Cash for Clunkers aimed to take those very cars out of circulation. Cars that might have been resold or given away to eager friends or family were instead taken to the lots to be exchanged for a $3,500 or $4,500 credit towards a shiny new car.
The cast-off clunker then had to “be crushed or shredded so that it will not be resold for use in the United States or elsewhere as an automobile,” according to the government’s official question and answer page about the program. With fewer cheap cars left in circulation, the ones that remain in service will be more expensive. Cars under $4,500 are harder to find, since many owners were able to do better by sending them to the junkyard rather than selling them to people who needed them.
While some parts of the cashed-in clunkers could be resold, the most expensive ones, the engine and the drive train, could not. As a result, people who have older cars that they cannot afford to replace may not be able to get the parts they need to keep those cars running.
Individuals are not the only would-be recipients of discarded cars who are suffering. Jim Hartman, the vice president of vehicle donations at Volunteers of America, told Reuters, “The cars I'm seeing cashed in as clunkers, like older SUVs, are absolutely the typical donation to us.” Rick Frazier, director of the car donation program at The Military Order of the Purple Heart, estimated that about 25% of the vehicles traded in under Cash for Clunkers would otherwise have gone to charities.
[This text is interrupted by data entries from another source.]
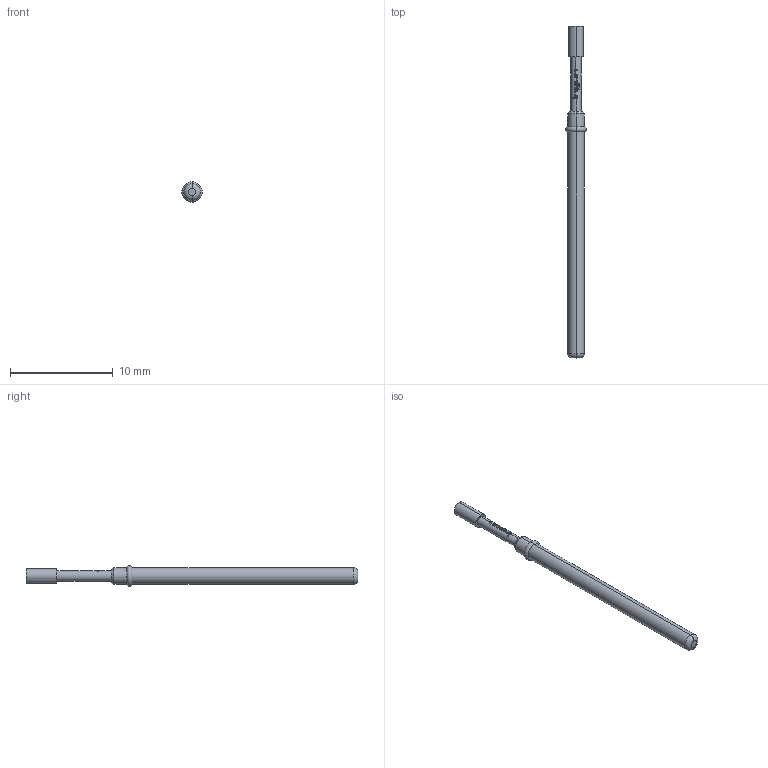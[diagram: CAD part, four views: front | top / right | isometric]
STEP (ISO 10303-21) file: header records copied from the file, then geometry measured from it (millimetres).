
FILE_DESCRIPTION (( 'STEP AP203' ), '1' );
FILE_NAME ('INGUN_GKS-112_303_140_A_xx02.STEP', '2021-12-22T08:23:02', ( 'ochi' ), ( '' ), 'SwSTEP 2.0', 'SolidWorks 2018', '' );
FILE_SCHEMA (( 'CONFIG_CONTROL_DESIGN' ));
Length unit declared in the file: millimetre
Products named in the file (1): INGUN_GKS-112_303_140_A_xx02
Bounding box: 2 x 32.3 x 2 mm (x, y, z)
Volume: 59.8 mm3; surface area: 160.3 mm2
Topology: 1 solids, 1 shells, 100 faces, 278 edges, 181 vertices
Faces by surface type: plane 43, cylinder 27, bspline 22, cone 4, torus 4
Entity records: 4223 total; most frequent: CARTESIAN_POINT 2082, ORIENTED_EDGE 552, EDGE_CURVE 276, DIRECTION 236, B_SPLINE_CURVE_WITH_KNOTS 222, VERTEX_POINT 181, AXIS2_PLACEMENT_3D 103, EDGE_LOOP 103
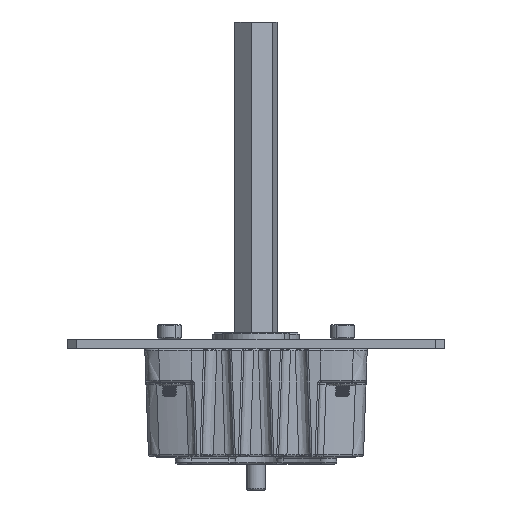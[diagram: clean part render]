
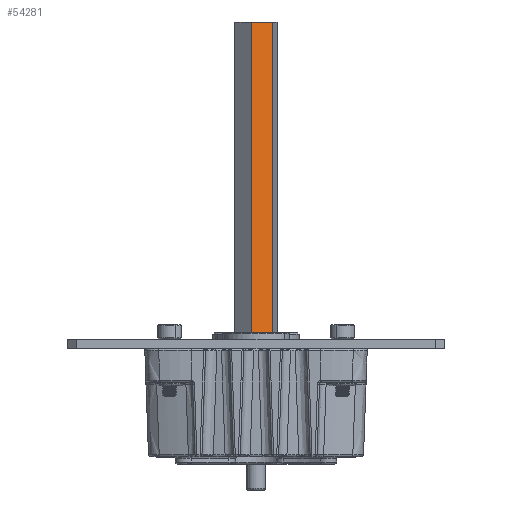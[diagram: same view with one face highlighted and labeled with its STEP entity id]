
A CAD part, left-side view. The second image highlights one B-rep face of the part: STEP entity #54281.
In plain terms, the highlighted face is planar.
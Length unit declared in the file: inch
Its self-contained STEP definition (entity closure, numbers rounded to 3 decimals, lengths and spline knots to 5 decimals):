
#361 = LINE ( 'NONE', #66735, #24373 ) ;
#1293 = ORIENTED_EDGE ( 'NONE', *, *, #58144, .F. ) ;
#3260 = VERTEX_POINT ( 'NONE', #20100 ) ;
#17053 = DIRECTION ( 'NONE',  ( 0., 0., -1. ) ) ;
#19185 = DIRECTION ( 'NONE',  ( 0., 0., 1. ) ) ;
#20100 = CARTESIAN_POINT ( 'NONE',  ( 5.5995, -0.25, 0.14434 ) ) ;
#20357 = AXIS2_PLACEMENT_3D ( 'NONE', #70347, #69979, #19185 ) ;
#23461 = EDGE_CURVE ( 'NONE', #65566, #59139, #361, .T. ) ;
#24373 = VECTOR ( 'NONE', #17053, 39.37008 ) ;
#25565 = DIRECTION ( 'NONE',  ( 0., 0., -1. ) ) ;
#25936 = CARTESIAN_POINT ( 'NONE',  ( 5.5995, -0.25, 0.14434 ) ) ;
#26181 = VECTOR ( 'NONE', #25565, 39.37008 ) ;
#26593 = PLANE ( 'NONE',  #20357 ) ;
#29987 = LINE ( 'NONE', #52614, #71121 ) ;
#30093 = VECTOR ( 'NONE', #60333, 39.37008 ) ;
#30355 = ORIENTED_EDGE ( 'NONE', *, *, #52746, .F. ) ;
#31594 = ORIENTED_EDGE ( 'NONE', *, *, #72122, .T. ) ;
#31868 = LINE ( 'NONE', #25936, #26181 ) ;
#38479 = CARTESIAN_POINT ( 'NONE',  ( 5.5995, -0.25, -0.14434 ) ) ;
#44392 = LINE ( 'NONE', #38479, #30093 ) ;
#46596 = VERTEX_POINT ( 'NONE', #71009 ) ;
#52614 = CARTESIAN_POINT ( 'NONE',  ( 5.5995, -0.25, 0.14434 ) ) ;
#52746 = EDGE_CURVE ( 'NONE', #3260, #46596, #31868, .T. ) ;
#54281 = ADVANCED_FACE ( 'NONE', ( #54774 ), #26593, .F. ) ;
#54774 = FACE_OUTER_BOUND ( 'NONE', #68390, .T. ) ;
#58144 = EDGE_CURVE ( 'NONE', #46596, #59139, #44392, .T. ) ;
#59139 = VERTEX_POINT ( 'NONE', #65786 ) ;
#60333 = DIRECTION ( 'NONE',  ( -1., 0., 0. ) ) ;
#65566 = VERTEX_POINT ( 'NONE', #73030 ) ;
#65786 = CARTESIAN_POINT ( 'NONE',  ( 0.805, -0.25, -0.14434 ) ) ;
#66214 = ORIENTED_EDGE ( 'NONE', *, *, #23461, .T. ) ;
#66735 = CARTESIAN_POINT ( 'NONE',  ( 0.805, -0.25, 0.14434 ) ) ;
#68390 = EDGE_LOOP ( 'NONE', ( #66214, #1293, #30355, #31594 ) ) ;
#69649 = DIRECTION ( 'NONE',  ( -1., 0., 0. ) ) ;
#69979 = DIRECTION ( 'NONE',  ( 0., 1., 0. ) ) ;
#70347 = CARTESIAN_POINT ( 'NONE',  ( 5.5995, -0.25, 0.14434 ) ) ;
#71009 = CARTESIAN_POINT ( 'NONE',  ( 5.5995, -0.25, -0.14434 ) ) ;
#71121 = VECTOR ( 'NONE', #69649, 39.37008 ) ;
#72122 = EDGE_CURVE ( 'NONE', #3260, #65566, #29987, .T. ) ;
#73030 = CARTESIAN_POINT ( 'NONE',  ( 0.805, -0.25, 0.14434 ) ) ;

Those who supported Cash for Clunkers on environmental grounds argued that it is better for the planet to kill the gas guzzlers. But continuing to run an old car, even if it uses more fuel, saves the resources that would go into making a new replacement. The best economy usually comes from using something as long as it does the job, not from throwing out the old as soon as there is a newer model.
As an economic stimulus, also, Cash for Clunkers was a hollow gesture. It has indeed increased the immediate demand for new cars, which is good. Car manufacturers report that their fuel-efficient models have been flying off lots, and both General Motors and Ford Motor Company announced that they would increase production to keep up with the higher demand. But the clunkers program never actually created demand. It just compressed it.
An analysis by Macroeconomic Advisers estimated that “roughly half of the 250,000 in new sales would have occurred in the months following the conclusion of the program, and the other half would have occurred during the program period anyway.” As a result, the analysts said that they “do not expect a boost to industry-wide production (or GDP) in response to this program.” Now that the program is over, all those newly created jobs will likely end as well, and the auto industry will have an even harder time finding buyers than it did before.
Even as the administration winds down the program after today, car dealers who participated in good faith are suffering from delays, and in some cases outright denial, of their claims. Rep. Joe Sestak, D-Pa., said recently that only 2 percent of claims submitted by dealers have actually been paid by the government. Four out of every five applications have been rejected for minor oversights.
For dealers who took the credit off the price for customers but never actually receive any money from the government, the consequences could be disastrous. One dealer, profiled in The New York Times, said he had given $450,000 worth of rebates to customers but had not yet had a single claim approved. As Sestak pointed out, “Failure to address delays with the cash for clunkers program will adversely harm auto dealers in the commonwealth of Pennsylvania and around the country—undoubtedly forcing many out of business.” Putting small companies out of business is not the way to boost the economy.
Cash for Clunkers was not an effective conservation measure, nor a real stimulus. It hurt those whose budgets are already stretched and gave handouts to people who didn’t really need them. And it has run roughshod over auto dealers in the bargain. Cash for Clunkers itself was the real clunker.